Сейчас, вот сейчас: начинается!…

И показалось, что будет огромный прыжок – через столик и парту – из кресла; так хищник прыжком упадает на спину барана: барана задрать.

22

Но не прыгнул: сидел вопросительным знаком.

– А – ну-с? Пролетел шепоток…

– Подлецов!

И, вцепившись в подкинутую коленку руками, прижался к коленке щетиною щек:

– Что?

– Не слышу?

Съел рот и сидел с засопевшей ноздрею: – Довольно-с! – влепилась огромная двойка. На парту слетел Подлецов. Митя думал.

– А я-то? А – как? Почему обо мне ни единого слова?… Он – вовсе не знает еще: он, конечно, – не знает: а то бы…

Но – екнуло: Знает.

– Скажите-ка, Бэр!

Припадая к столу, Веденяпин схватил «Хрестоматию Льва Веденяпин а» и карандашным огрызком страницы разлистывал, делаясь то вопросительным, то восклицательным знаком.

И двадцать четыре руки закрестили свои животы; двадцать пятый живот, не окрещенный, жалко качался: исчезнуть под партою: меткая двойка сразила.

– Коробкин!

Вскочил.

– А скажите-ка!

Под подбородком минуты четыре подпрыгивал очень зловеще кадык: Веденяпин молчал; и потом, как лучи, проиграли морщинки на всосанных, мертвых щеках:

– Хорошо!

Совершилось: руки возложение в бальник – прекрасного бала:

– Не знает еще!

Веденяпин же бросил ласкательный взгляд на объемистый том «Хрестоматии Льва Веденяпина»; и – на него облизнулся.

– Теперь – почитаем.

Вскочил, головою задергал; рукою с раскрытою книгой подбрасывал он.

Чем он брал?

Неизвестно. Но – знали, что каждого он проницает; казался ж рассеянным; в несправедливостях даже оказывал высшую он справедливость; и двойки, влепляемые карандашным огрызком, и крики, – сносили: все, все искупала пятерка, которую так он поставить умел, что ее получивший, краснея, как рак, задыхался от счастья.

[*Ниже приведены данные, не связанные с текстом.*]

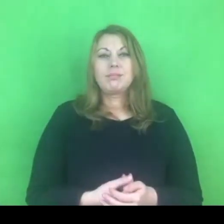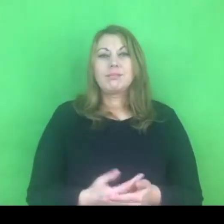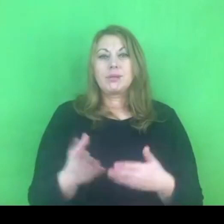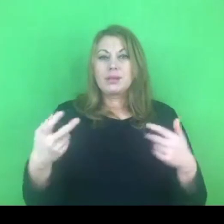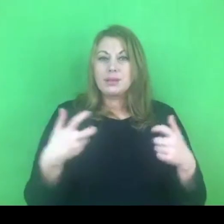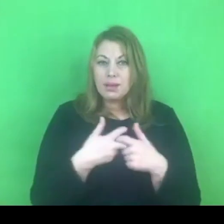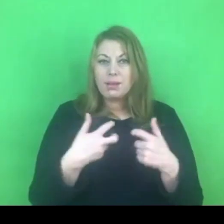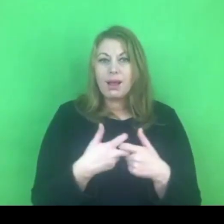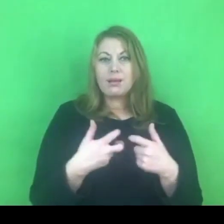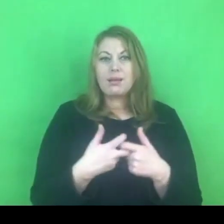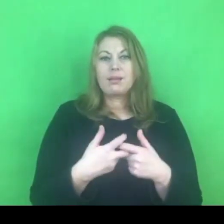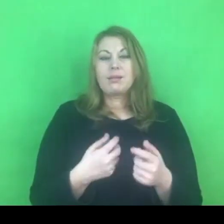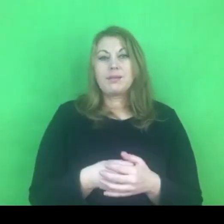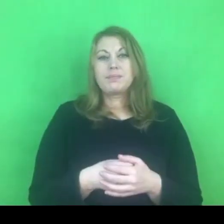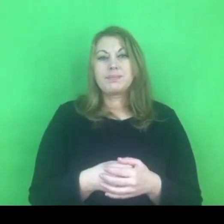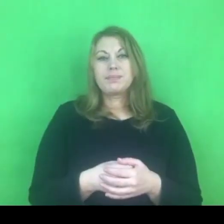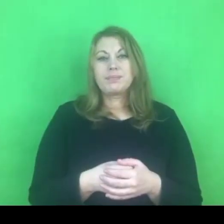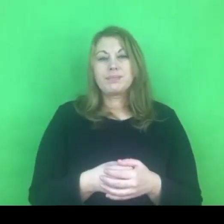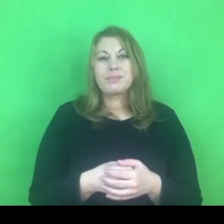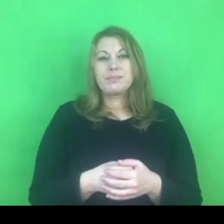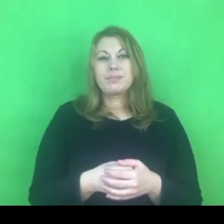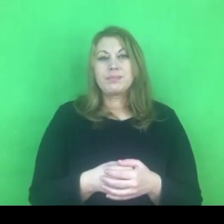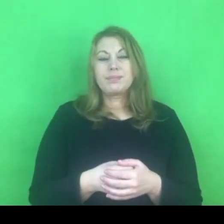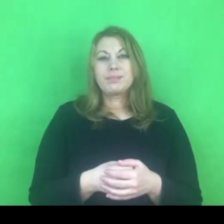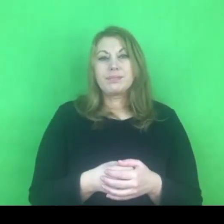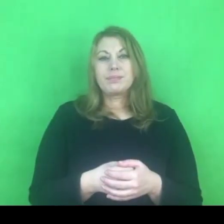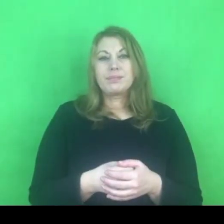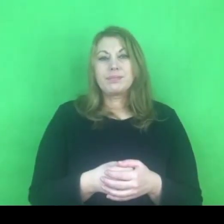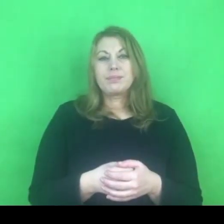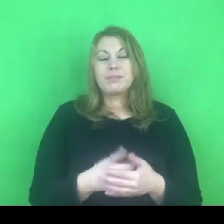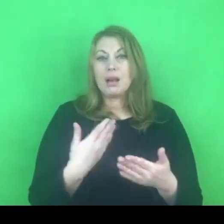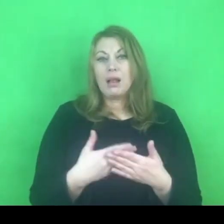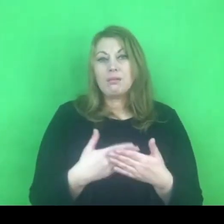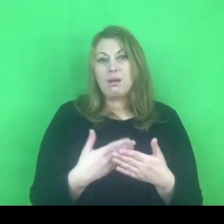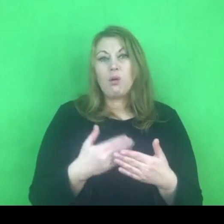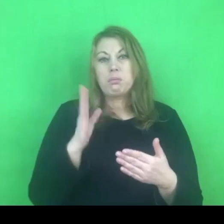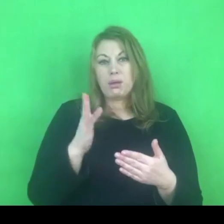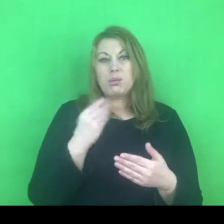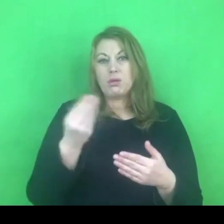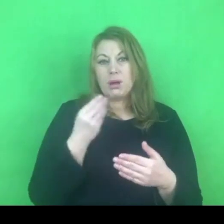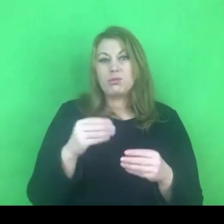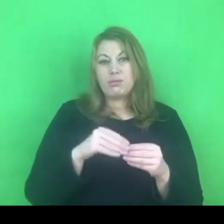Prawdopodobnie to jest obszar, który z nami pozostanie jeszcze dłuższy czas.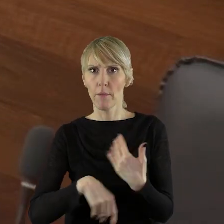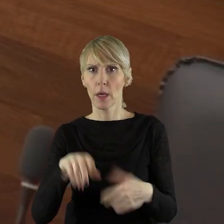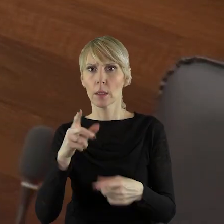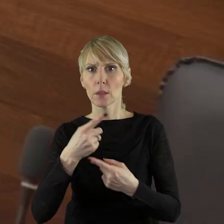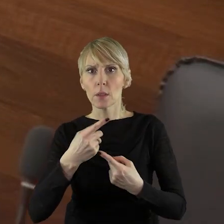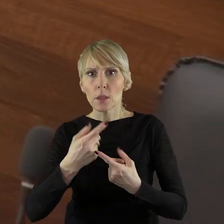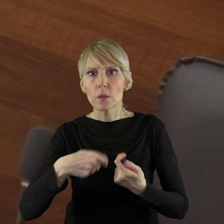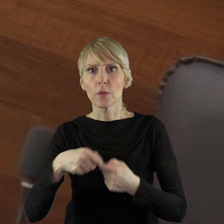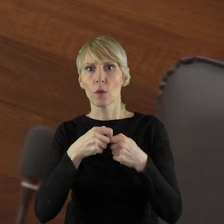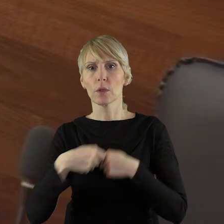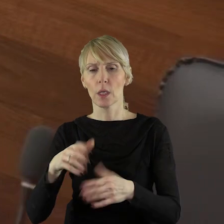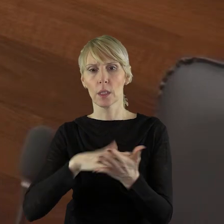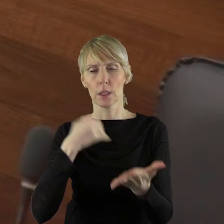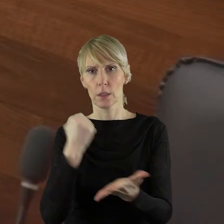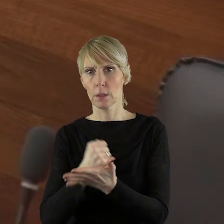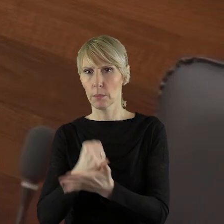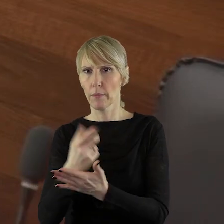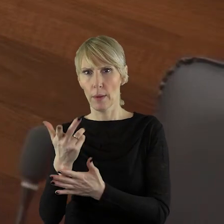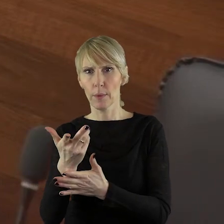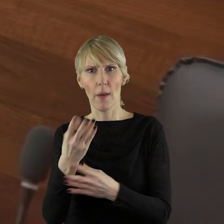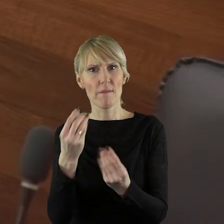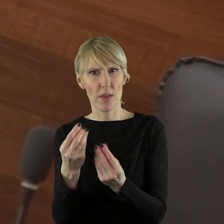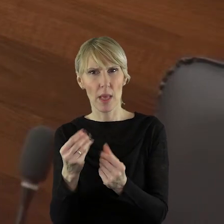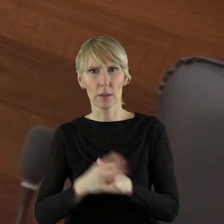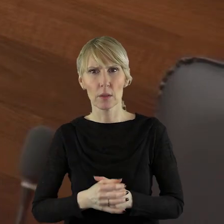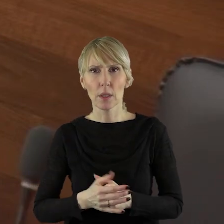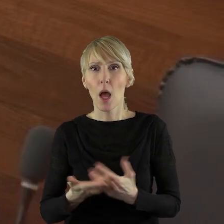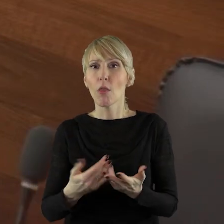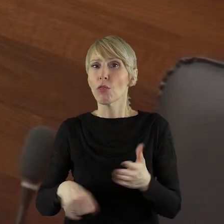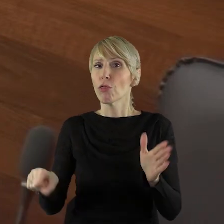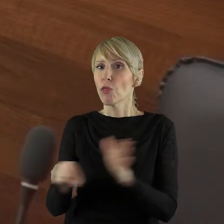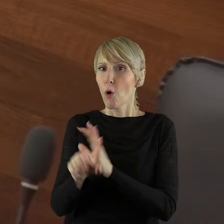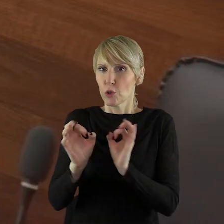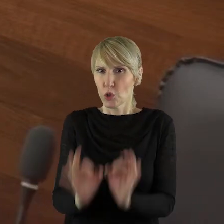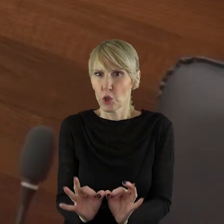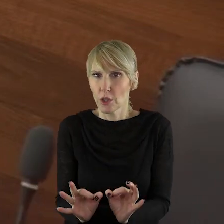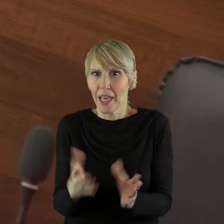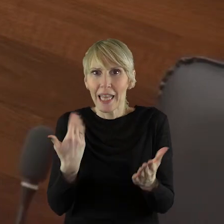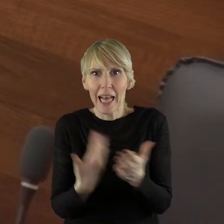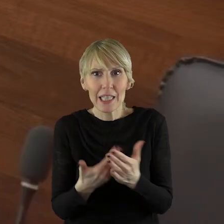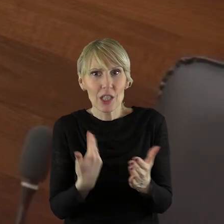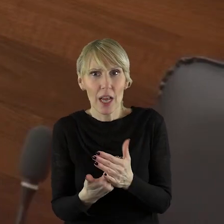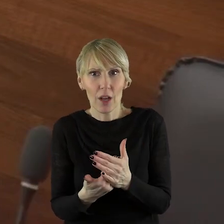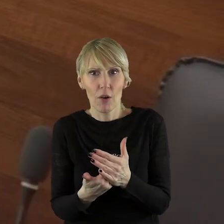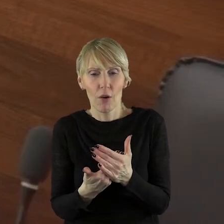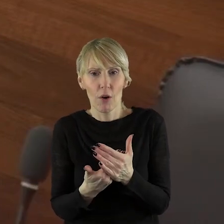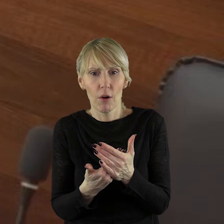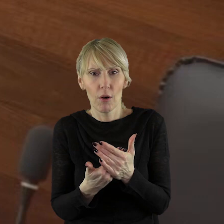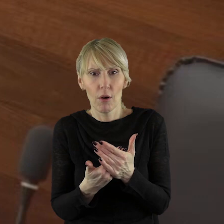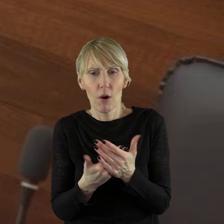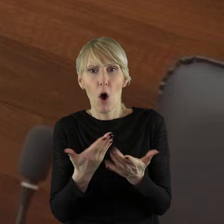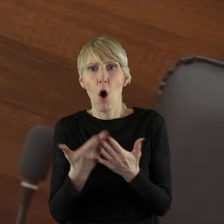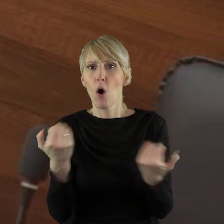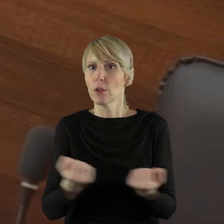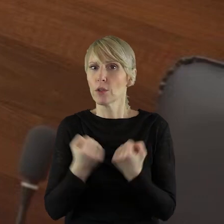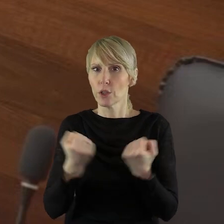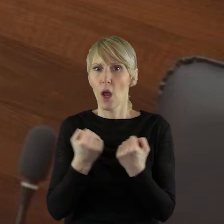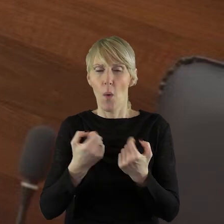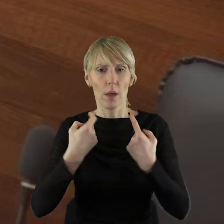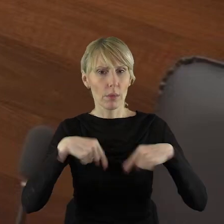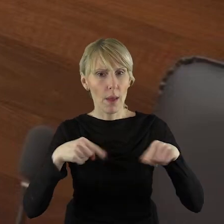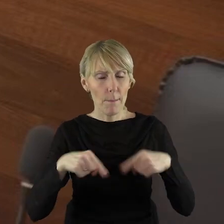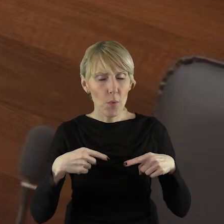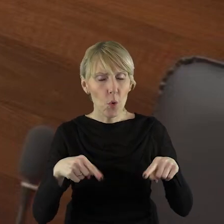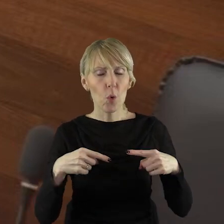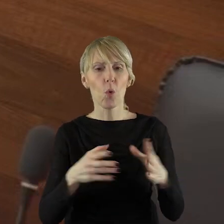Chciałabym zapytać, dlaczego do chwili obecnej nie zostały podjęte działania w zakresie

А страх искупался пирами: введений в поэзию.

***

Вдруг Веденяпин схватился за голову:

– Вот ведь… Коробкин, я книгу свою позабыл: часть четвертую хрестоматии…

Рылся рукою в кармане.

– Вот – ключик: сходите ко мне – в кабинет: отворите мой письменный стол; в среднем ящике – справа: лежит

хрестоматия.

Митя – за классами: перебежал балюстраду; и – белую дверь отворил: в кабинет Веденяпина; стол, полки, бюсты, ключом завозился; а ключ – не входил: он – и эдак, и так: не входил.

Что тут делать?

Стоял, не решаясь вернуться.

Вдруг – сап за спиною. И – сердце упало: стоял Веденяпин за ним: и помалкивал; под бородою запрыгал кадык.

Все он знает.

Молчание. После молчания – голос:

– А ну-ка, Коробкин!

На Митины плечи упала рука:

– Что теперь полагаете вы о поступке своем?

– Вы обдумали?

Так, как с разбегу бросаются в пропасть, так бросился Митя рассказывать; все, даже то, что Лизаше не мог рассказать, – рассказал: из отчаянья слово явилось.

В ответ раздавалось:

– Э… э… а… а… о… о…

Сидел Веденяпин; и – слушал; и – пыхи ноздрями пускал; вырвал волос серебряный; к глазу поднес; сняв очки, стал рассматривать волос.

Понюхал – и бросил:

– А случай – меж нами… э… э… а… останется.

Стал говорить он о правде: да, правила мудрости высеклись в страхах; испуг – сотрясал: разрывалась душа: и прощепами свет вырывался; и так поступал Веденяпин. Сочувственной думой своей припадал к груди каждого, всех проницая и зная насквозь: он ночами бессонными сопережил горе Мити еще до рожденья сознания в Мите; давно караулил его, чтобы напасть и встрясти: разбудить; так Зевсов орел нападает: схватить Ганимеда! Напал: с ним схватился; и правило правды разбил, как яйцо, он – с размаху, рисуя своим карандашным огрызком из воздуха: вензель добра.

И глаза вылуплялись у Мити, казалось: он шел за зарею по полю пустому; и чувствовал ясно лучей легкоперстных касанье: звучали ему бессловесные песни: и голос – исконно знакомый.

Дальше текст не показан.